── Data in this exercise ──
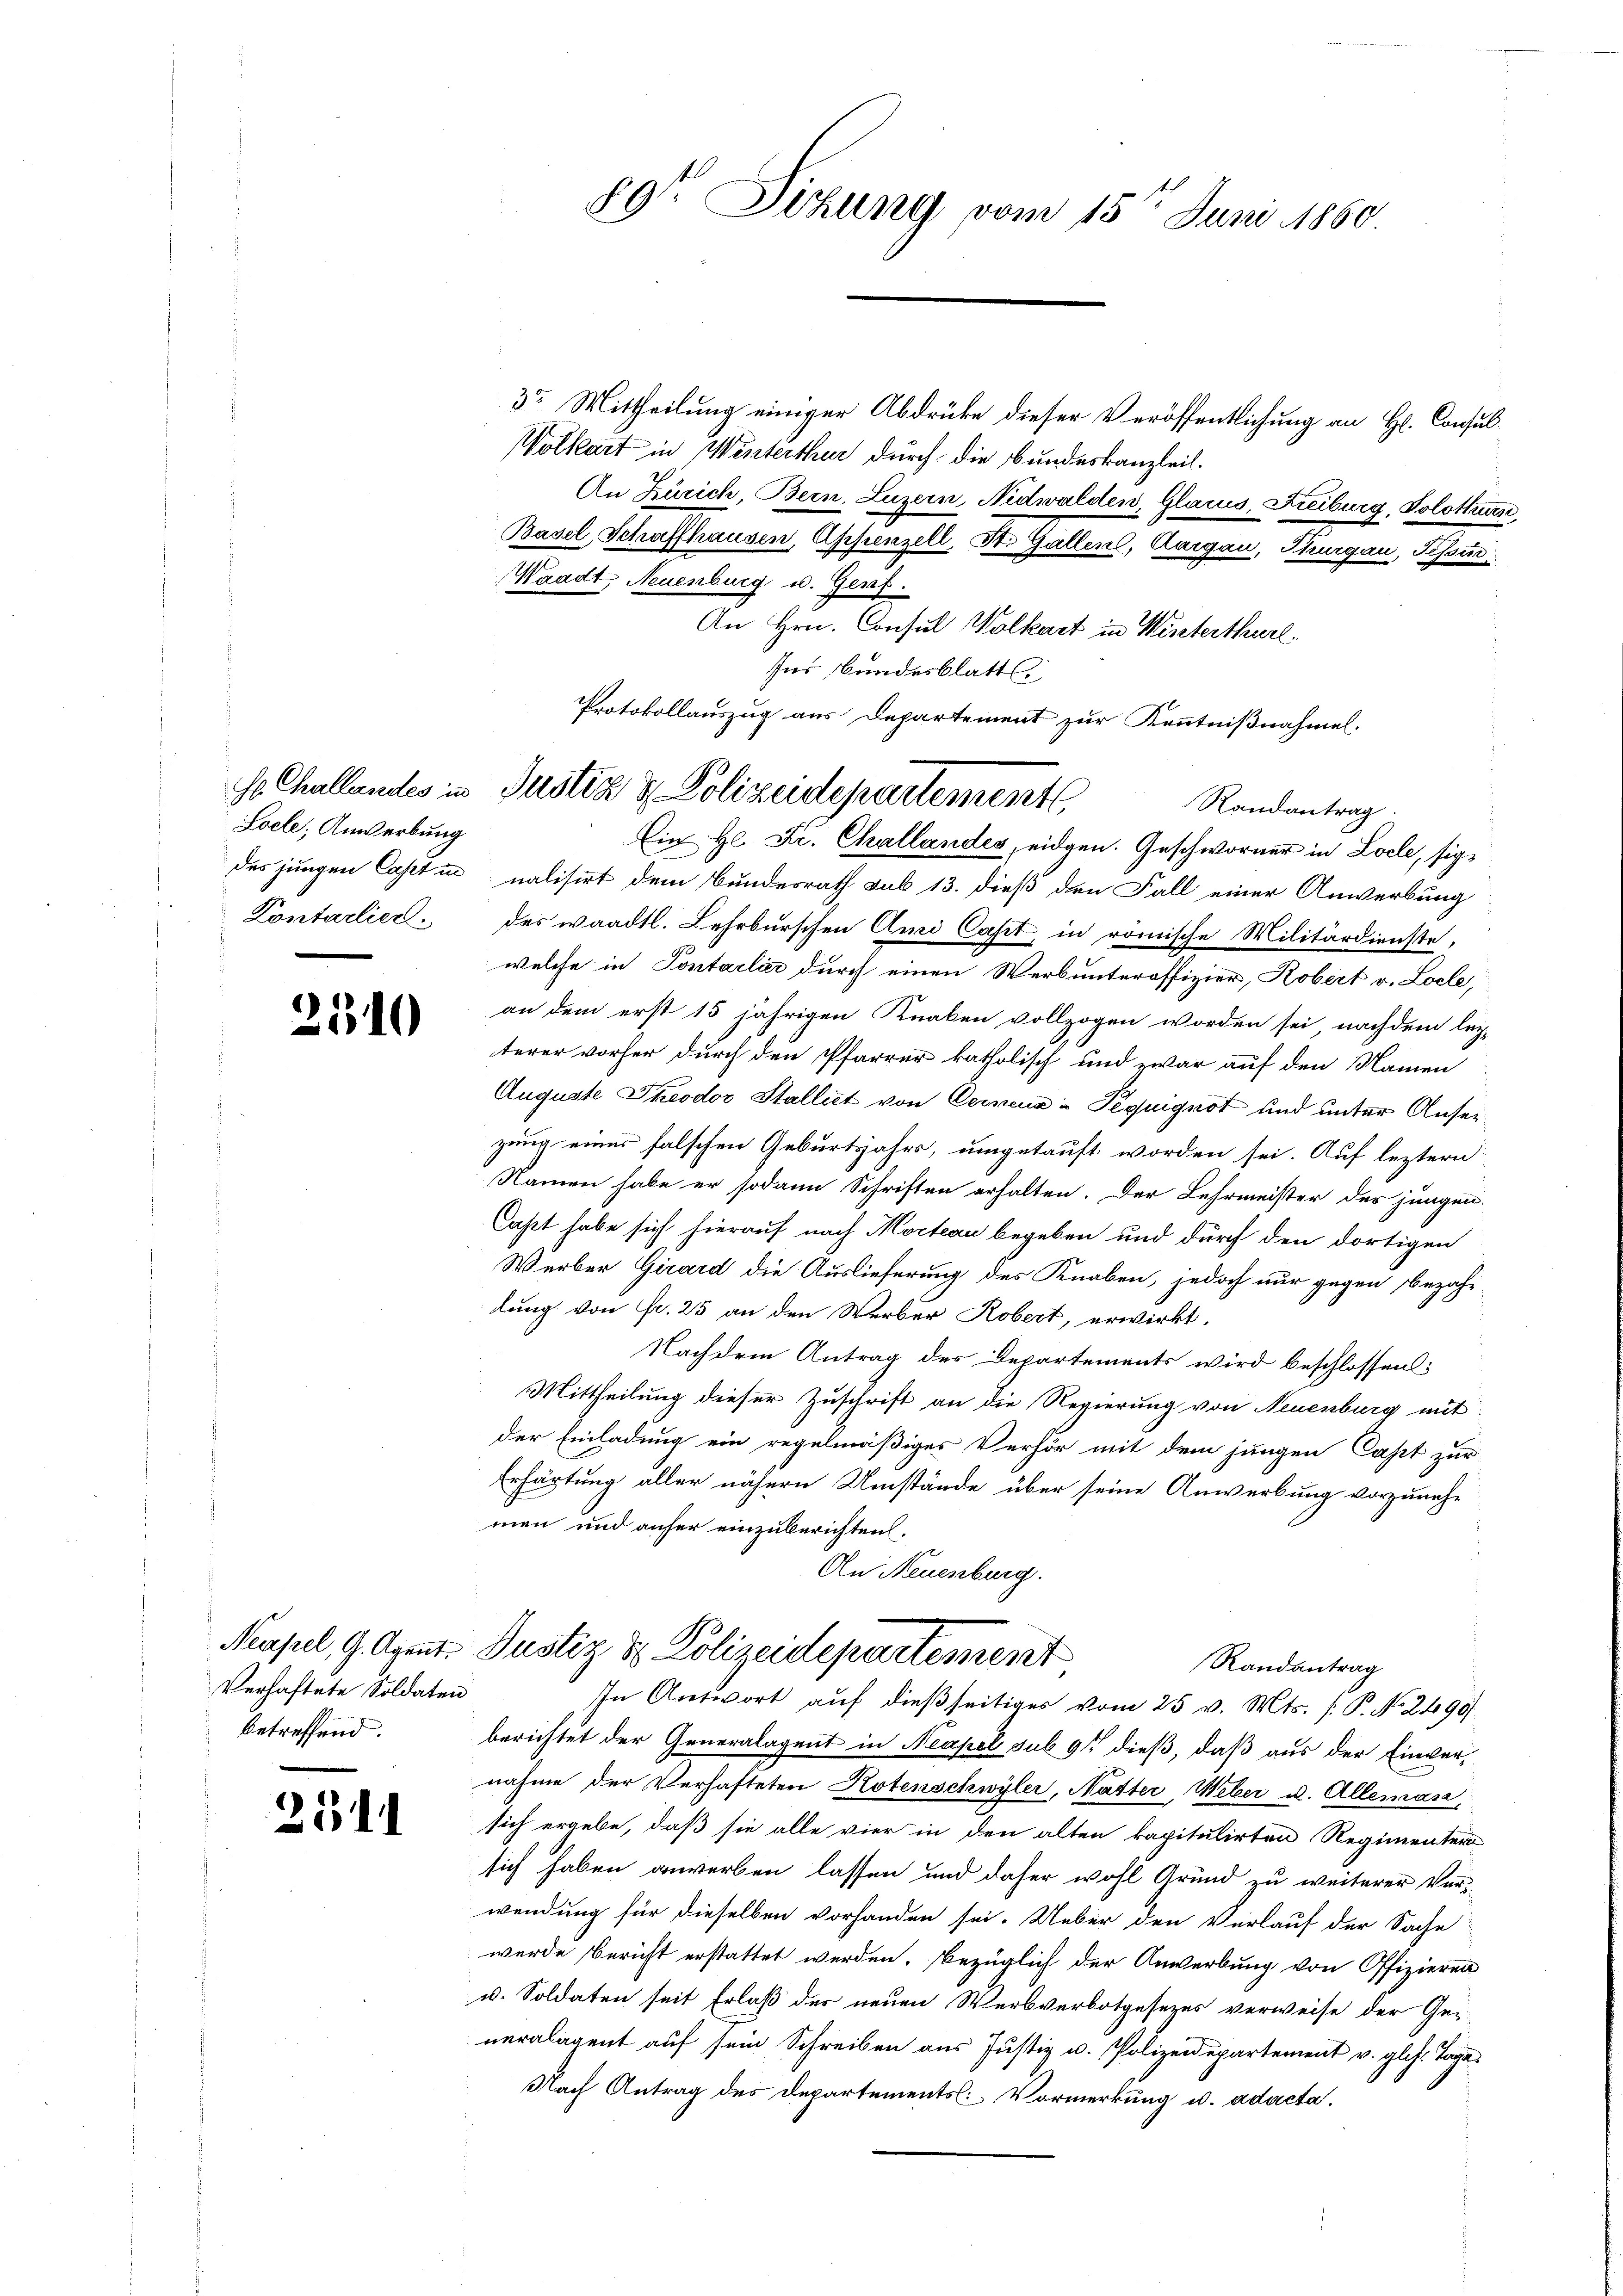
Loele, Anwerbung
Kontarlier.

2510

Verhaftete Soldaten
betreffend.

2311

89te Sitzung vom 15ten Juni 1860.

3r Mittheilung einiger Abdrücke dieser Veröffentlichung an H. Consul¬
Volkart in Winterthur durch die Bundeskanzleit.
An Zürich, Bern, Luzern, Nidwalden, Glarus, Freiburg, Solothurn
Basel Schaffhausen, Appenzell, St. Gallen, Aargau, Thurgau, Tessin
Waadt, Neuenburg u. Genf.
An Hrn. Consul Wolkart in Winterthurl.
Ins Bundesblatt
Randantrag.
Ein H. Fr. Challandes, eidgen. Geschworner in Locle, sigdes jungen Capst in nalisirt dem Bundesrath sub 13. dieß den Fall einer Anwerbung
des waadtl. Lehrburschen Ami Caset, in römische Militärdienste,
welche in Pontarlier durch einen Werbunteroffizier, Robert v. Locle,
an dem erst 15 jährigen Knaben vollzogen worden sei, nachdem lei-
terer vorher durch den Pfarrer katholisch und zwar auf den Namen
Auguste Theodor Stalliet von Cerneue u Teguignot und unter Anseizung einer falschen Geburtsjahrs, umgetauft worden sei. Auf leztern
Namen habe er sodann Schriften erhalten. Der Lehrmeister des jungen
Casst habe sich hierauf nach Morteau begeben und durch den dortigen
Werber Girard die Auslieferung des Knaben, jedoch nur gegen bezahlung von Fr. 25 an den Werber Robert, erwirkt,
Nachdem Antrag des Departements wird beschlossen:
Mittheilung dieser Zuschrift an die Regierung von Neuenburg mit
der Einladung ein regelmäßiges Verhör mit dem jungen Cast zur
Erhärtung aller nähern Umstände über seine Anwerbung vorzuneh-
men und anher einzuberichten.
An Neuenburg.
Neapel, G. Art. Justiz & Polizeidepartement
Randantrag
In Antwort auf dießseitiges vom 25 v. Mts. (: P. No. 2490
berichtet der Generalagent in Neapel sub 9t dieß, daß aus der Einvernahme der Verhafteten Notenschwyler, Mutter, Weber u. Allemas,
sich ergebe, daß sie alle vier in den alten kapitulirten Regimenter
sich haben anwerben lassen und daher wohl Grund zu weiterer Ver-
wendung für dieselben vorhanden sei. Ueber den Verlauf der Sache
wurde Bericht erstattet werden. Bezüglich der Anwerbung von Offizieren
u. Soldaten seit Erlaß der neuen Werbverbotgesezes verweise der Ge-
neralagent auf sein Schreiben aus Justiz u. Polizeidepartement v. gl. h. Tage
Nach Antrag des Departementsl: Vormerkung u. adacta.

Protokollauszug aus Departement zur Kenntnißnahmel.
E. Challandes in Justiz & Polizeidepartement,
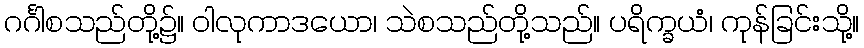
ဂင်္ဂါစသည်တို့၌။ ဝါလုကာဒယော၊ သဲစသည်တို့သည်။ ပရိက္ခယံ၊ ကုန်ခြင်းသို့။
───
→ Required work:
Copy the data word for word. Pictures do not go in the copy.

→ Written response:
Loele, Anwerbung
Kontarlier.

2510

Verhaftete Soldaten
betreffend.

2311

89te Sitzung vom 15ten Juni 1860.

3r Mittheilung einiger Abdrücke dieser Veröffentlichung an H. Consul¬
Volkart in Winterthur durch die Bundeskanzleit.
An Zürich, Bern, Luzern, Nidwalden, Glarus, Freiburg, Solothurn
Basel Schaffhausen, Appenzell, St. Gallen, Aargau, Thurgau, Tessin
Waadt, Neuenburg u. Genf.
An Hrn. Consul Wolkart in Winterthurl.
Ins Bundesblatt
Randantrag.
Ein H. Fr. Challandes, eidgen. Geschworner in Locle, sigdes jungen Capst in nalisirt dem Bundesrath sub 13. dieß den Fall einer Anwerbung
des waadtl. Lehrburschen Ami Caset, in römische Militärdienste,
welche in Pontarlier durch einen Werbunteroffizier, Robert v. Locle,
an dem erst 15 jährigen Knaben vollzogen worden sei, nachdem lei-
terer vorher durch den Pfarrer katholisch und zwar auf den Namen
Auguste Theodor Stalliet von Cerneue u Teguignot und unter Anseizung einer falschen Geburtsjahrs, umgetauft worden sei. Auf leztern
Namen habe er sodann Schriften erhalten. Der Lehrmeister des jungen
Casst habe sich hierauf nach Morteau begeben und durch den dortigen
Werber Girard die Auslieferung des Knaben, jedoch nur gegen bezahlung von Fr. 25 an den Werber Robert, erwirkt,
Nachdem Antrag des Departements wird beschlossen:
Mittheilung dieser Zuschrift an die Regierung von Neuenburg mit
der Einladung ein regelmäßiges Verhör mit dem jungen Cast zur
Erhärtung aller nähern Umstände über seine Anwerbung vorzuneh-
men und anher einzuberichten.
An Neuenburg.
Neapel, G. Art. Justiz & Polizeidepartement
Randantrag
In Antwort auf dießseitiges vom 25 v. Mts. (: P. No. 2490
berichtet der Generalagent in Neapel sub 9t dieß, daß aus der Einvernahme der Verhafteten Notenschwyler, Mutter, Weber u. Allemas,
sich ergebe, daß sie alle vier in den alten kapitulirten Regimenter
sich haben anwerben lassen und daher wohl Grund zu weiterer Ver-
wendung für dieselben vorhanden sei. Ueber den Verlauf der Sache
wurde Bericht erstattet werden. Bezüglich der Anwerbung von Offizieren
u. Soldaten seit Erlaß der neuen Werbverbotgesezes verweise der Ge-
neralagent auf sein Schreiben aus Justiz u. Polizeidepartement v. gl. h. Tage
Nach Antrag des Departementsl: Vormerkung u. adacta.

Protokollauszug aus Departement zur Kenntnißnahmel.
E. Challandes in Justiz & Polizeidepartement,
ဂင်္ဂါစသည်တို့၌။ ဝါလုကာဒယော၊ သဲစသည်တို့သည်။ ပရိက္ခယံ၊ ကုန်ခြင်းသို့။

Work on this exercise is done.